As for the RNA+ATAC-Seq data, most latent factors of CGVAE and ccVAE had significantly large mutual information with only RNA (Figure S2D), while CGVAE and MoE learned one joint factor. PoE, the best-performing of the non-linear models, learned slightly more joint factors (4), 10 of its factors were only sigificantly associated with RNA and another set of 10 factors only with ADT. Finally, MoE and PoE embeddings of ADT data outperformed all other non-linear methods at cell type classification in the absence of RNA information (Figure 4) and this is inline with our observation that these two models had the most factors significantly associated with the ADT data (Figure S2D). These suggest that our mutual information-based test can provide insights into the performance of VAE-based joint embedding methods. Imputation of RNA from ADT on the test set of the CITE-Seq dataset by 6 models trained using 5000 most variable genes (x-axis) of 819 marker genes (y-axis) as RNA features. Performance is measured as the mean log-likelihood of a test cell across all genes. Cells of the same cell type are then aggregated using their median value to reach one average performance for each cell type (dot). The cell type abundance in the dataset is signified by the size of the dot. To gain a better understanding of the performance differences between the different models, we examined the performance per class as measured by the F1 score (Figure 4C). First, we observed that a very rare class of T cells (gdT cell 2) is very hard to differentiate among other T cell types. Only the PCA of protein expression data and CGVAE with both modalities was able to do better than random on this class (red arrow in Figure 4C). memory B cells are predicted accurately using PCA on the RNA data, but the performance of the ADT principal components and all joint embedding methods is worse (blue arrow in Figure 4C). This could imply that the information needed to distinguish this cell type is only in the RNA and therefore it is not present in the joint space (RNA+ADT), so joint pre-training is detrimental for the performance for this specific class. On the other hand, proliferating natural killer cells and plasmablasts (green arrows) are also only predicted well by RNA, but embedding RNA on the joint RNA+ADT space of PoE and MoE did not hurt the performance for those classes.

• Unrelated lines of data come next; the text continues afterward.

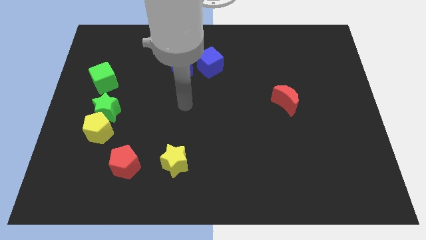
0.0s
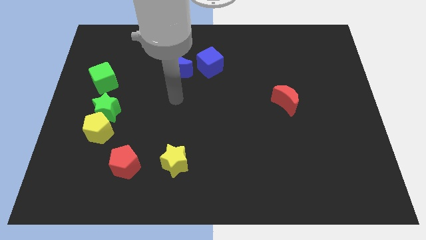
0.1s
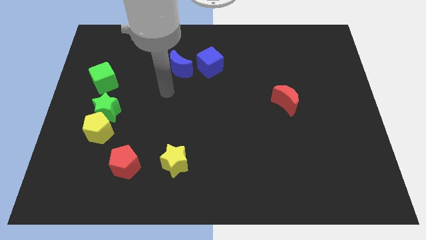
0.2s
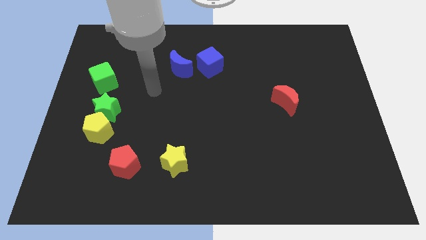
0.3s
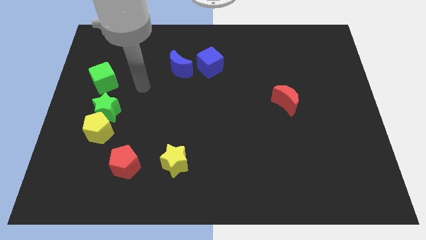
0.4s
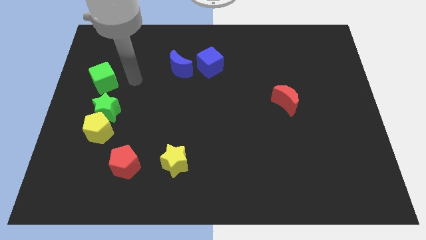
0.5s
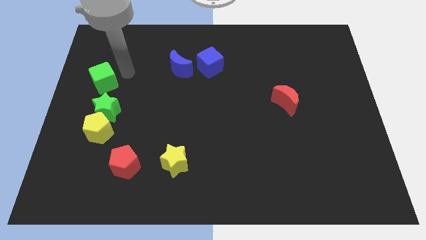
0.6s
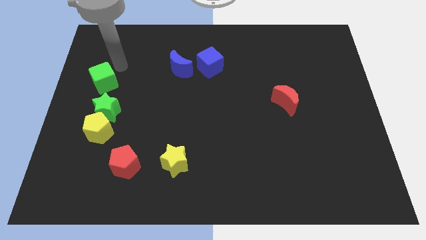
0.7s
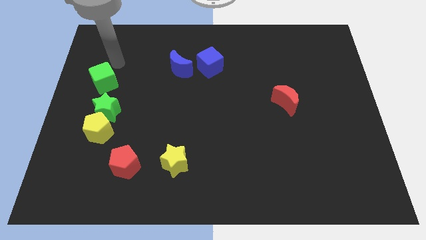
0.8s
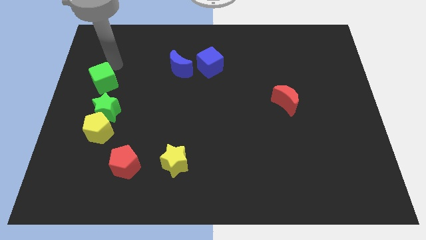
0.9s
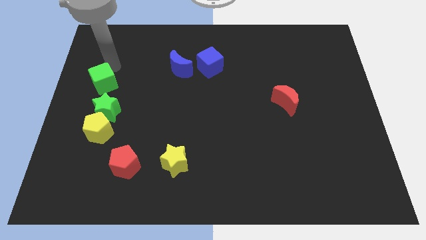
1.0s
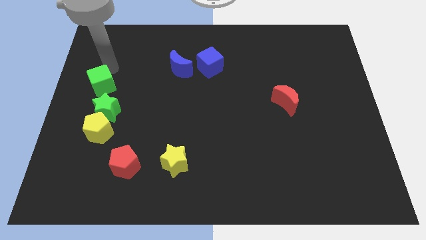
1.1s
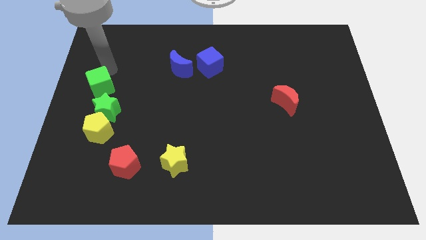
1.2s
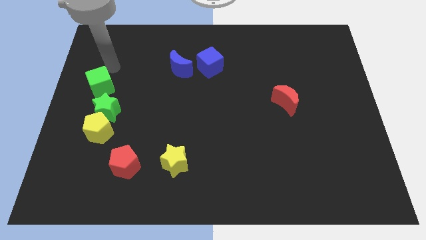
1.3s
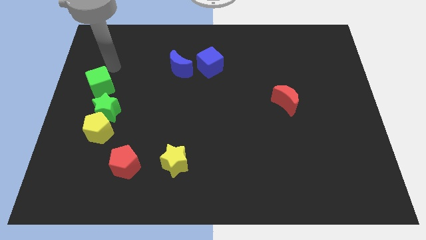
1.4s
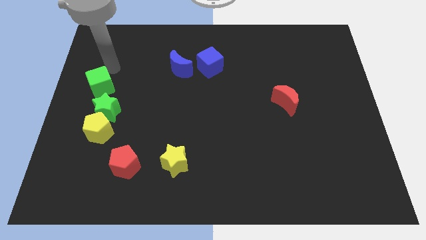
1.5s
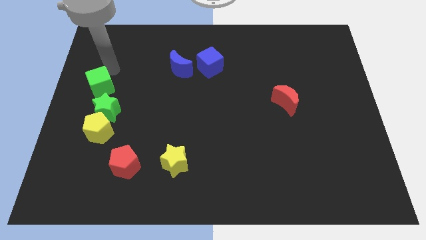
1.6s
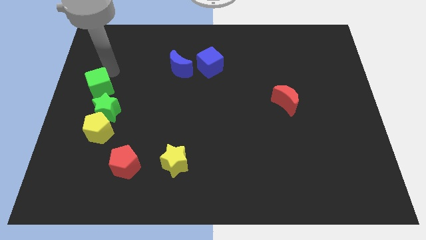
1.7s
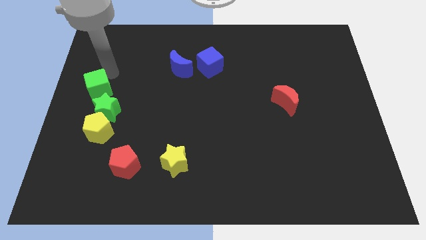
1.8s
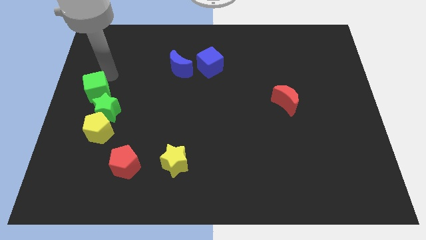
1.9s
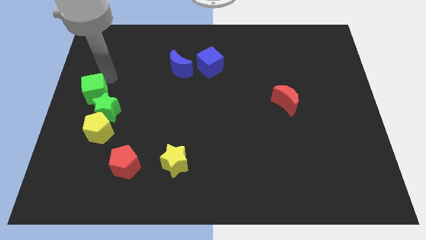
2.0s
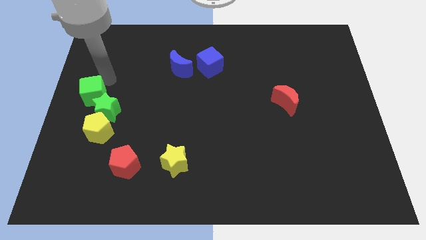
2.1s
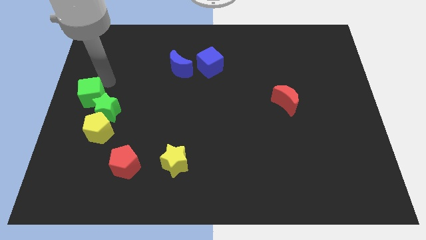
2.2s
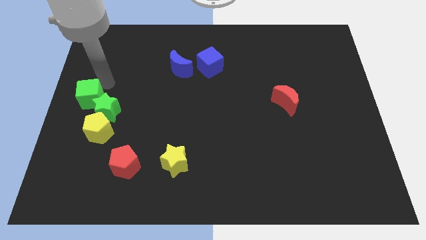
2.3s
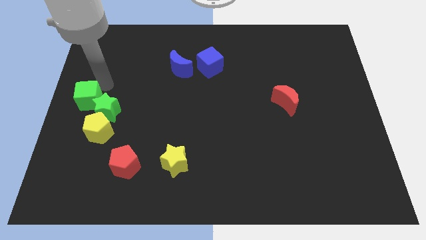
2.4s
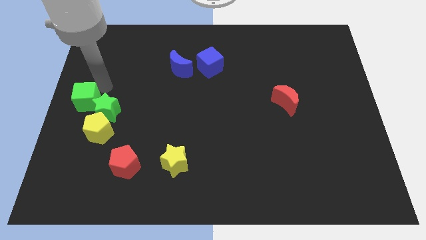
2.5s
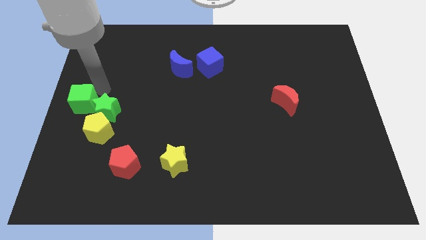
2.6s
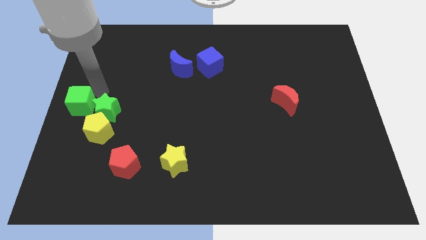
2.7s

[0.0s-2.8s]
slightly move the green cube down

Finally, to test the potential bias towards the set of highly variable genes, we investigated the effect of using the COSG-derived marker genes (Supplementary Methods) on cell type classification. Table S15 contrasts the MCC achieved by the MLP trained in the latent spaces of models trained with the 5000 most variable genes and with the 819 COSG-derived marker genes as RNA features. The use of COSG-derived marker genes lead to improvements in cell type classification for CGVAE, ccVAE and MoE, but not for the two best-performing methods (PoE and PCA baseline).

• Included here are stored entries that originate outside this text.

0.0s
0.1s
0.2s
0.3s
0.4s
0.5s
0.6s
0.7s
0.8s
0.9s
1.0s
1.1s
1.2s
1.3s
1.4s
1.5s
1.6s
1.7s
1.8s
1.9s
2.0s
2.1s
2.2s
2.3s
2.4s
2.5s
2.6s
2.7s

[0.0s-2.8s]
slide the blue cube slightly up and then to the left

Imputed modalities are useful for cell type classification
Next, we considered whether it is possible to use the joint embedding methods to impute the missing modality and then classify the test cells using the MLP on the concatenated principal components of the two modalities (one measured, one imputed, Figure 2e). When only RNA is available for the test data, we used MOFA+, CGVAE, PoE, MoE and UniPort to impute the corresponding ADT profiles, and combined the measured RNA and imputed ADT profiles to be used by the cell type MLP classifier operating on the PCs of both modalities. Figure 5A shows that for MoE and PoE this approach led to higher MCC than a simple classifier trained on only RNA data. However, this approach did not outperform classification models trained on the joint space of RNA (Figure 2C) that also only require RNA measured at test time (denoted as joint unimodal in Figure 5), with the exception of CGVAE whose joint space classifier underperformed. MOFA+ did not do well in this task.
If we only use ADT data on the test set, we find that imputing RNA and then using a multi-modal model was detrimental for most models, but doing so using PoE did lead to comparable classification performance with respect to a model trained only on ADT (Figure 5B).
Because we actually have both modalities measured for all test cells, we can compare the predictions made by the multi-modal MLP when using either both measured profiles or when one of them is imputed (Table S16). When we use imputed protein profiles alongside gene expression, the multi-modal classifier predicts the same class as when using the measured protein profiles for 39.0%, 81.4%, 90.0%, 88.2% and 79.0% of the cells when the imputation is done using MOFA+, CGVAE, PoE, MoE and UniPort, respectively. The corresponding agreement rates when we combine measured protein profiles with imputed RNA profiles are 73.6%, 72.1%, 86.7% and 64.1%, respectively for MOFA+, CGVAE, PoE and MoE (Table S16). Remember that it is not possible to embed ADT values and reconstruct RNA profiles using UniPort.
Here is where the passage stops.